Überrascht blickte er sich um. Hurin und Loial waren angekommen. Hurin sah sie genauso an, wie Rand es von sich selbst vermutete, und sogar der Ogier schien fasziniert. »Meine Freunde«, sagte er. »Loial und Hurin. Ich heiße Rand. Rand al'Thor.«

»Ich habe noch niemals darüber nachgedacht«, sagte Loial, und es klang, als spräche er zu sich selbst, »aber wenn es etwas wie die vollkommene menschliche Schönheit gibt, Gesicht und Gestalt, dann seid Ihr... «

»Loial!« rief Rand. Die Ohren des Ogier versteiften sich vor Verlegenheit. Rands Ohren waren rot angelaufen. Loials Worte hatten zu genau dem entsprochen, was er selbst empfand.
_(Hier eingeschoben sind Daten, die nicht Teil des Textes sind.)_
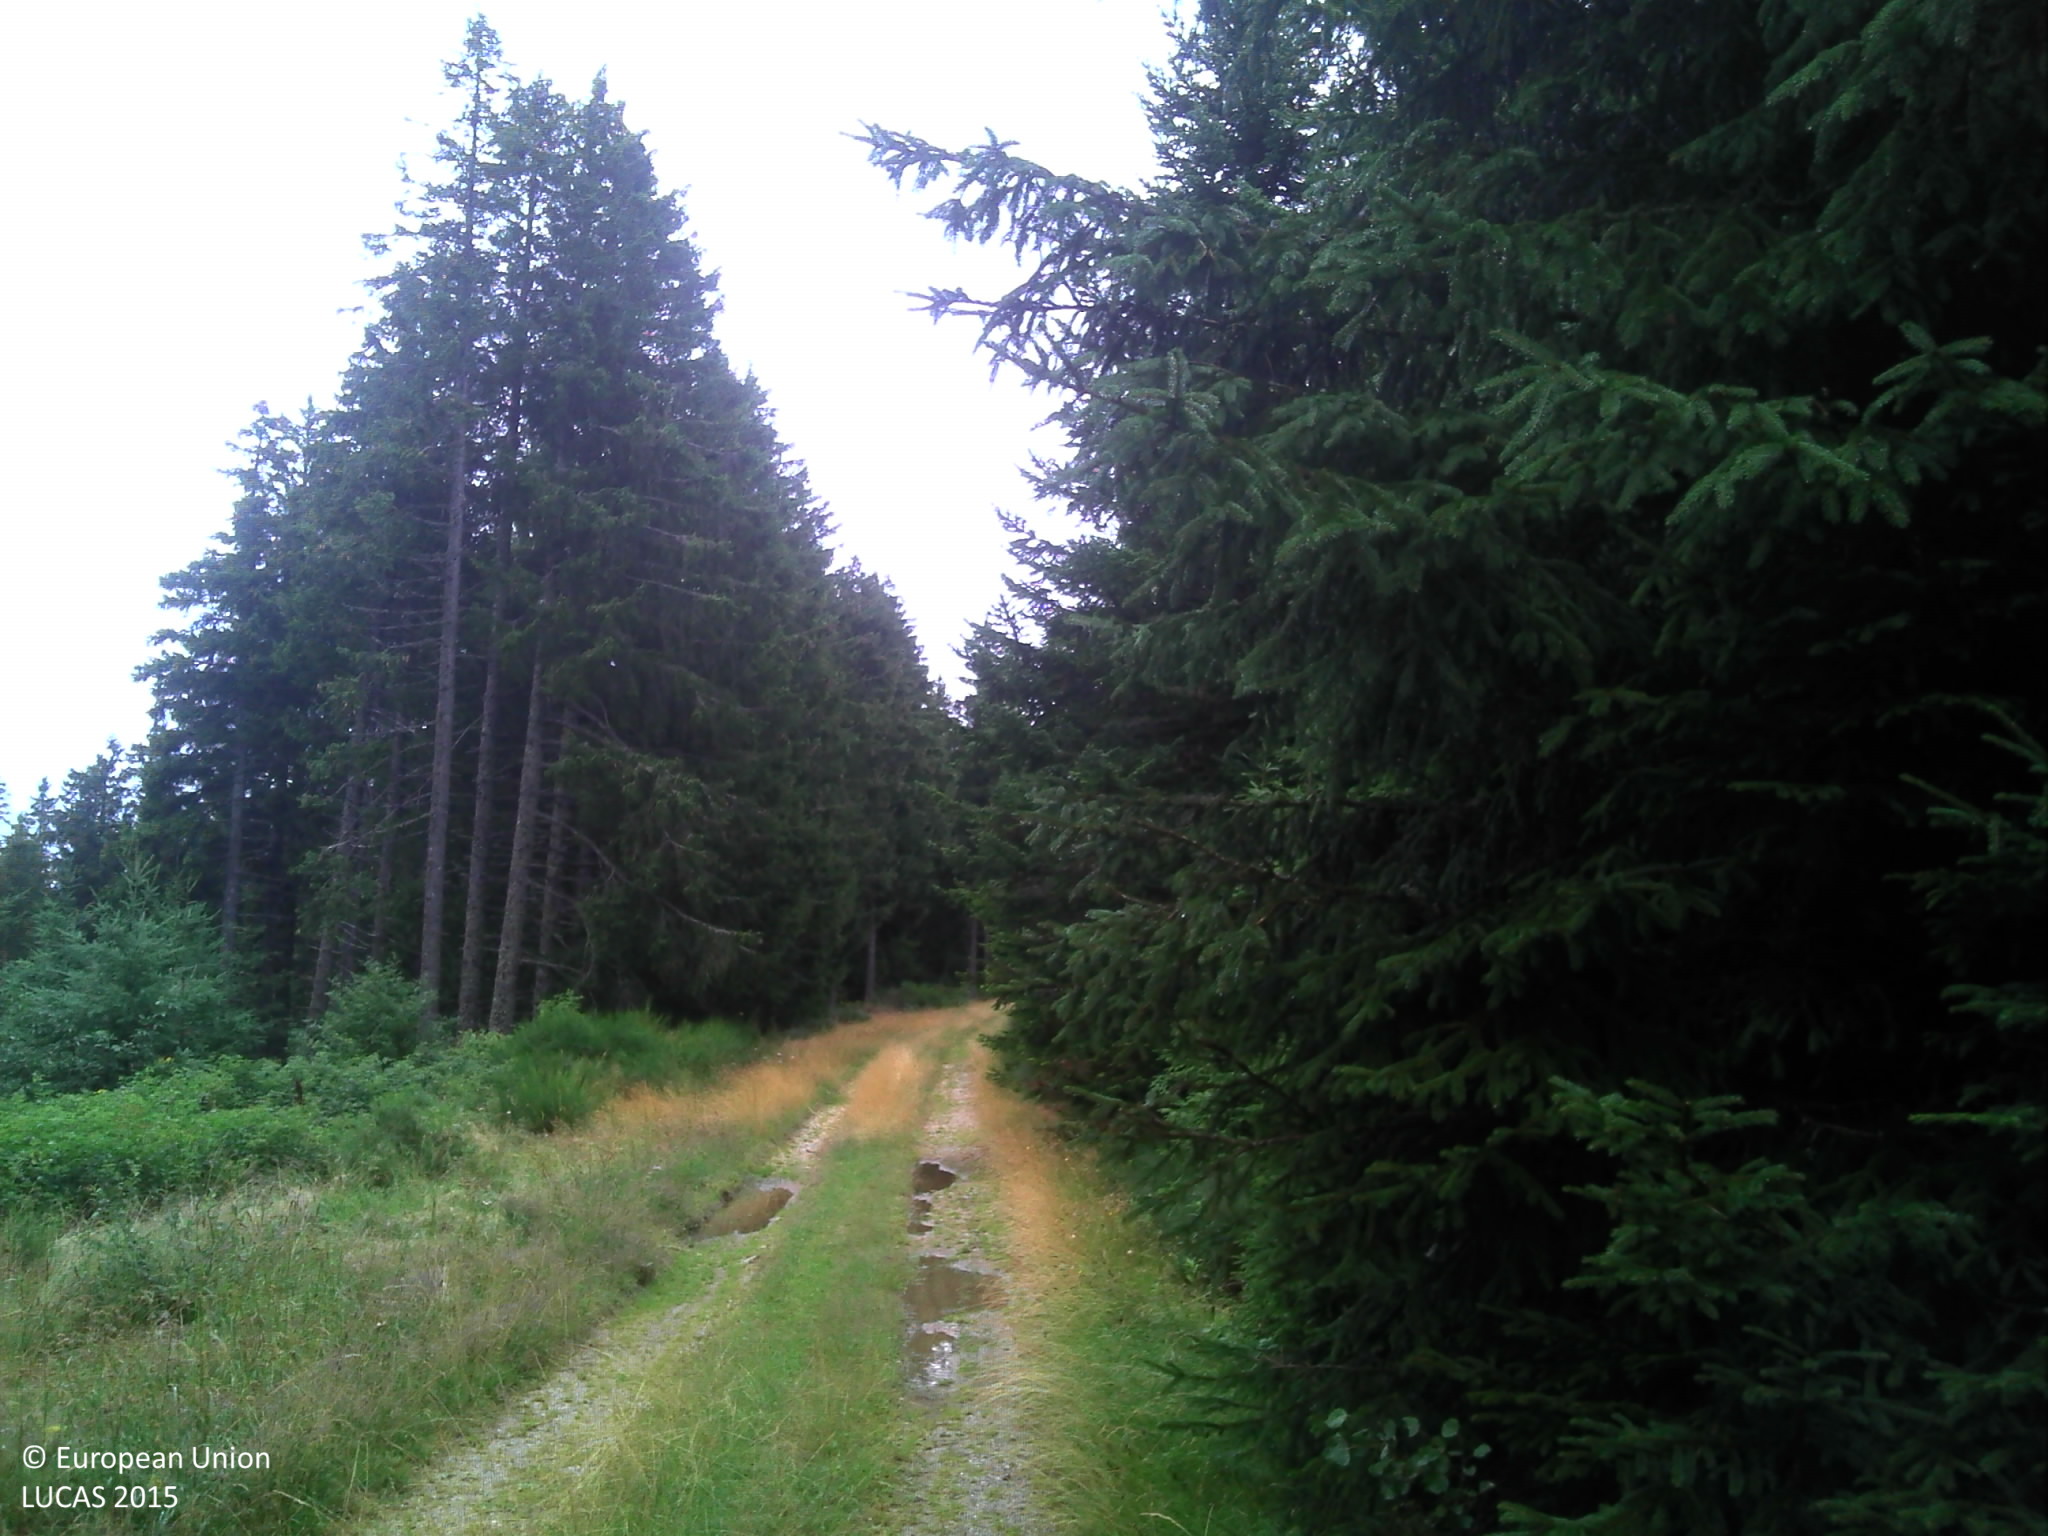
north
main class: Woodland
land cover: Spruce dominated coniferous woodland
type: alpine coniferous forest
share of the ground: > 75 %
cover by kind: coniferous forest trees 95 %, broadleaved forest trees 5 %
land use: Forestry
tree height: > 5 m
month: July
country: FR
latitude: 44.7451
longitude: 3.5252

Die Frau lachte melodiös, doch im nächsten Augenblick hatte sie ihre edle Haltung wiedergewonnen und wirkte wie eine Königin auf ihrem Thron. »Man nennt mich Selene«, sagte sie. »Ihr habt Euer Leben riskiert und meines gerettet. Ich gehöre Euch, Lord Rand al'Thor.« Und zu Rands Entsetzen kniete sie vor ihm nieder.

Er sah Hurin und Loial nicht an und zog sie hastig wieder auf die Beine. »Ein Mann, der nicht bereit ist, für eine Frau zu sterben, ist kein Mann.« Sofort beschämte er sich selbst, indem er rot wurde. Es war eine Redensart der Schienarer, und er wußte schon, daß sie allzu pompös klang, bevor die Worte noch seinen Mund verlassen hatten, aber ihr Gebaren hatte ihn angesteckt, und er konnte sich nicht zurückhalten. »Ich meine... Das heißt, es war...« Narr, du kannst doch einer Frau nicht sagen, es sei nichts, ihr Leben gerettet zu haben. »Es war mir eine Ehre.« Das klang in etwa schienarisch und auch höflich. Er hoffte, dies sei die richtige Antwort gewesen. Ansonsten war sein Verstand wie leergefegt, als befände er sich noch im Nichts.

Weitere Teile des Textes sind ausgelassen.